▶ _DESCRIPTION OF THE TASK_: Among the lines below, take the one holding "gpt: The stadium is on", the one holding "gpt: There are", and all lines between them. Set them down exactly.

▶ _SOURCE DATA_:
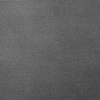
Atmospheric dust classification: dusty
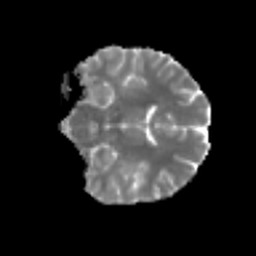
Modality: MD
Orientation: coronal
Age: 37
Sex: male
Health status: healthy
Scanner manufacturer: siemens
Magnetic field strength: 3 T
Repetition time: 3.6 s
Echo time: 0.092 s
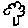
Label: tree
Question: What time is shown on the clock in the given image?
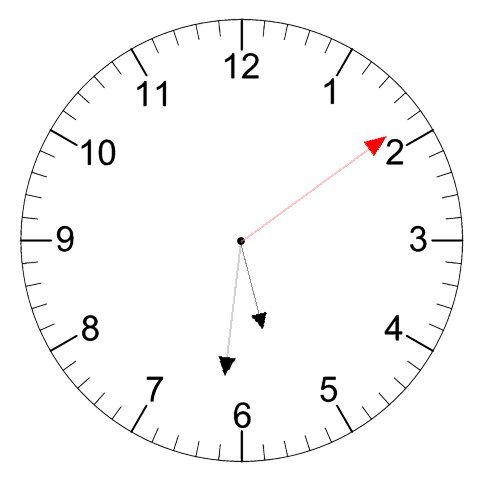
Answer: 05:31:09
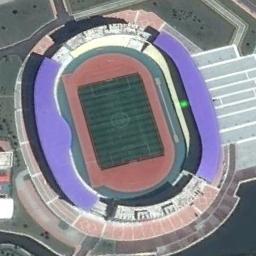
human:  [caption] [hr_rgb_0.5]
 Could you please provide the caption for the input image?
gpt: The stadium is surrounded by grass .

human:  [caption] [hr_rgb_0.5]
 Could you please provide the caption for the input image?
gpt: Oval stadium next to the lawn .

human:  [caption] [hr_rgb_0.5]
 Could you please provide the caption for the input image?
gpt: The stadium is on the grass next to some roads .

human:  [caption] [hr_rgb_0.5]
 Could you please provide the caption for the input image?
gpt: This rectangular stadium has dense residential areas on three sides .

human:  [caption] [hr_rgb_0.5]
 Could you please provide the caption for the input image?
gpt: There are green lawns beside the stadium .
...
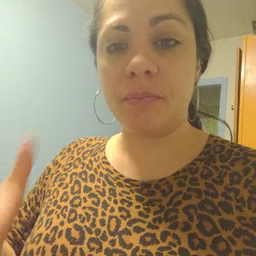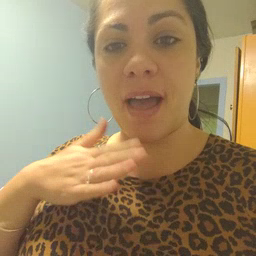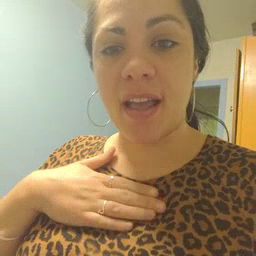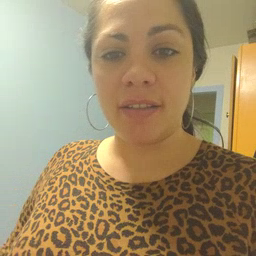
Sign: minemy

▶ _RESPONSE_:
gpt: The stadium is on the grass next to some roads .

human:  [caption] [hr_rgb_0.5]
 Could you please provide the caption for the input image?
gpt: This rectangular stadium has dense residential areas on three sides .

human:  [caption] [hr_rgb_0.5]
 Could you please provide the caption for the input image?
gpt: There are green lawns beside the stadium .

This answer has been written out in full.